Although the ONTrack pipeline is not intended for analysing meta-barcoding samples, you might be interested in sorting out sequences coming from different species and running the ONTrack pipeline on them separately. The MetatONTrack.sh script reproduces what the EPI2ME 16S workflow does, blasting each read against an NCBI-downloaded database (e.g. 16S Bacterial), and afterwards saving sets of reads matching the different species to separate files. You can then run the ONTrack.R script on them, for obtaining a more accurate consensus sequence (set do_clustering_flag to 0 in config_MinION_mobile_lab.R). This feature is experimental, and has only been tested on a pool of 7 samples with 80% maximum sequence identity based on pairwise alignment of Sanger sequences.

MetatONTrack.sh

Usage: MetatONTrack.sh <fastq reads> <min num reads>

Note: Activate the virtual environment with source activate ONTrack_env before running. Set DB variable to an NCBI Blast-indexed database inside the script.

Inputs:

• <fastq reads>: MinION fastq reads from a meta-barcoding experiment
• <min num reads>: minumum number of reads supporting the identification of a species

Outputs:

• <MetatONTrack_output>: directory containing fastq and fasta files for running the ONTrack.R script
• <MetatONTrack_output_logs>: directory containing txt files storing read IDs corresponding to each species, a "sample_name"_Blast_species_counts.txt file storing the number of reads supporting each species, "sample_name"_Blast_genera_counts.txt file storing the number of reads supporting each genus and some other temporary files

If this tool is useful for your work, please consider citing our manuscript.

Maestri S, Cosentino E, Paterno M, Freitag H, Garces JM, Marcolungo L, Alfano M, Njunjić I, Schilthuizen M, Slik F, Menegon M, Rossato M, Delledonne M. A Rapid and Accurate MinION-Based Workflow for Tracking Species Biodiversity in the Field.

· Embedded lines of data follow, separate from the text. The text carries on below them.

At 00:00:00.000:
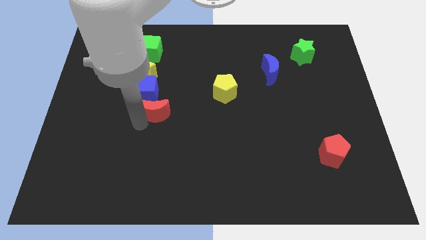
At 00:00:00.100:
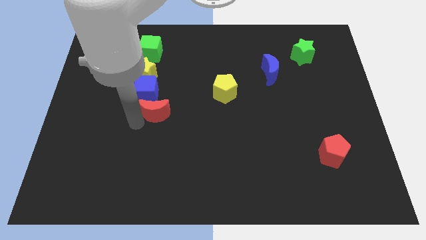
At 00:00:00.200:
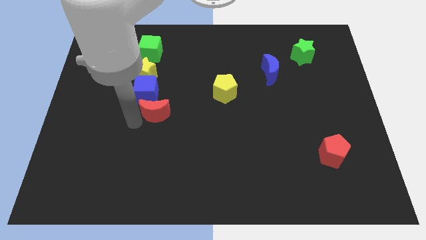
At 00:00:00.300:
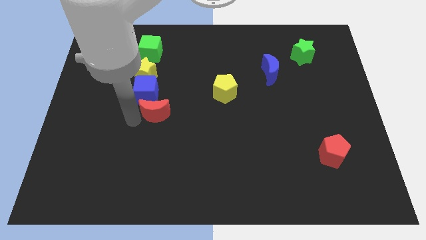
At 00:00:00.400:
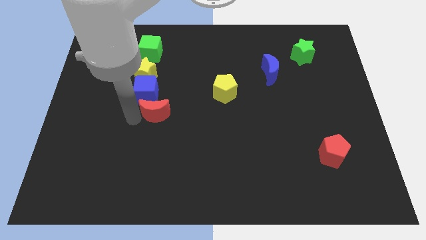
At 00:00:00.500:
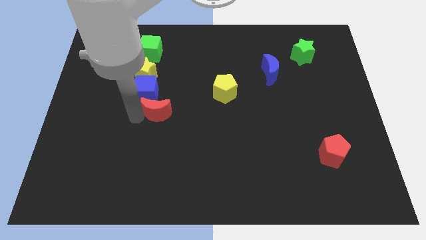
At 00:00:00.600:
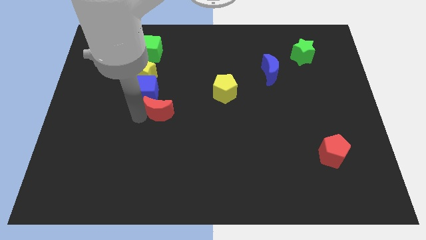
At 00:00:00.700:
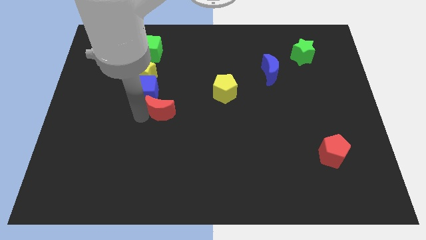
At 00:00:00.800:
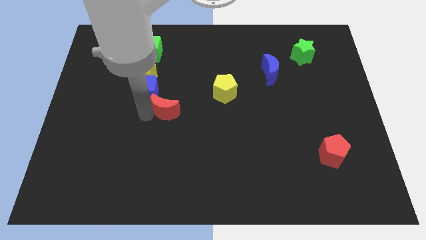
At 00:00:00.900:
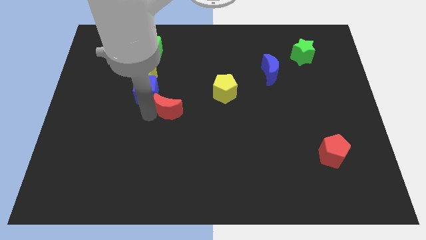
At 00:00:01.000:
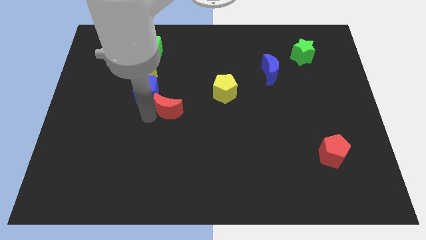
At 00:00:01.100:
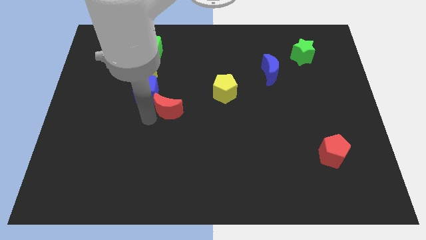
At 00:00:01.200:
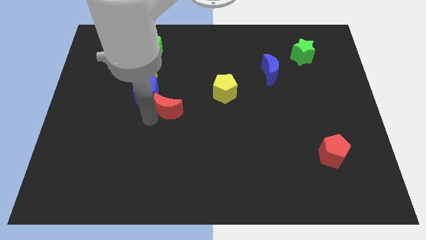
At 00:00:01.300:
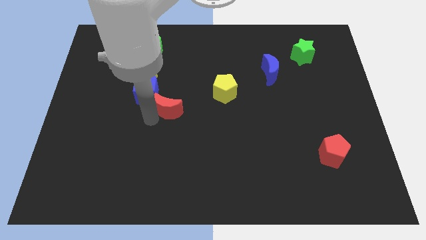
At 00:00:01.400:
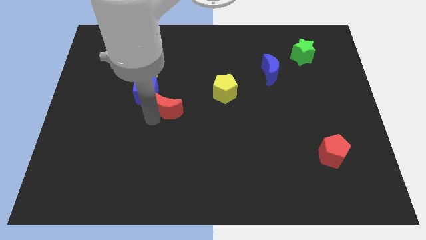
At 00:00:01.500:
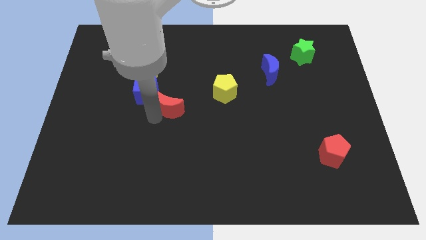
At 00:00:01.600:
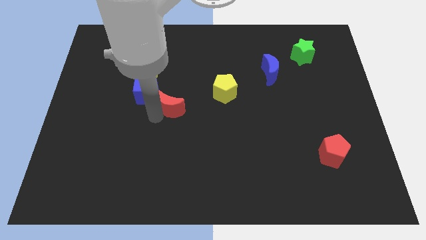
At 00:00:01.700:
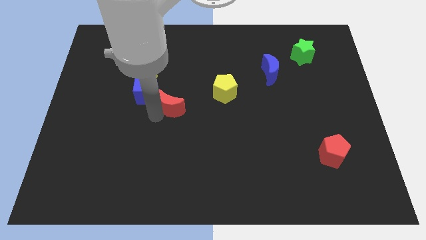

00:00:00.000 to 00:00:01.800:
move the red moon diagonal to the blue cube

Genes. 2019; 10(6):468.

For further information and insights into pipeline development, please have a look at my doctoral thesis.

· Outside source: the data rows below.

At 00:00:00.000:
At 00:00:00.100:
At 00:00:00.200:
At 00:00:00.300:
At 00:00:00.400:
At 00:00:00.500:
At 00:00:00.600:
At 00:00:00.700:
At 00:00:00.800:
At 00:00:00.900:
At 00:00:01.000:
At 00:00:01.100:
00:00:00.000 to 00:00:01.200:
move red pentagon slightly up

Maestri, S (2021). Development of novel bioinformatic pipelines for MinION-based DNA barcoding (Doctoral thesis, Università degli Studi di Verona, Verona, Italy). Retrieved from https://iris.univr.it/retrieve/handle/11562/1042782/205364/.

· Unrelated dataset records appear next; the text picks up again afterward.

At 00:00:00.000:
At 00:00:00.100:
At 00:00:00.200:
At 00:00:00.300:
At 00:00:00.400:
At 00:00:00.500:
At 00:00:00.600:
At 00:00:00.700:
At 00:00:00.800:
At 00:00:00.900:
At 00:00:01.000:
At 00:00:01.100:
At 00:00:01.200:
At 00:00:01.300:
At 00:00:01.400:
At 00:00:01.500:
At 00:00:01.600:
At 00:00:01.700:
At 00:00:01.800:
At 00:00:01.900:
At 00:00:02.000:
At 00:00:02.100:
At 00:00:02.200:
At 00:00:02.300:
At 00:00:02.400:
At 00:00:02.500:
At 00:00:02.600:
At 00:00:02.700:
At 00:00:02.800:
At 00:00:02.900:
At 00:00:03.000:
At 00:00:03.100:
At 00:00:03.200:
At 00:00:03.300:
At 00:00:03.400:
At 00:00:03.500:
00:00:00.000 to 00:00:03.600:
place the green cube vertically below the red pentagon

As a real-life Pokédex, the workflow described in our manuscript will facilitate tracking biodiversity in remote and biodiversity-rich areas. For instance, during a Taxon Expedition to Borneo, our analysis confirmed the novelty of a beetle species named after Leonardo DiCaprio.

Last but not least, special thanks to Davide Canevazzi (davidecanevazzi) and Luca Marcolungo (Liukvr) for helping me out in setting up and debugging the pipeline.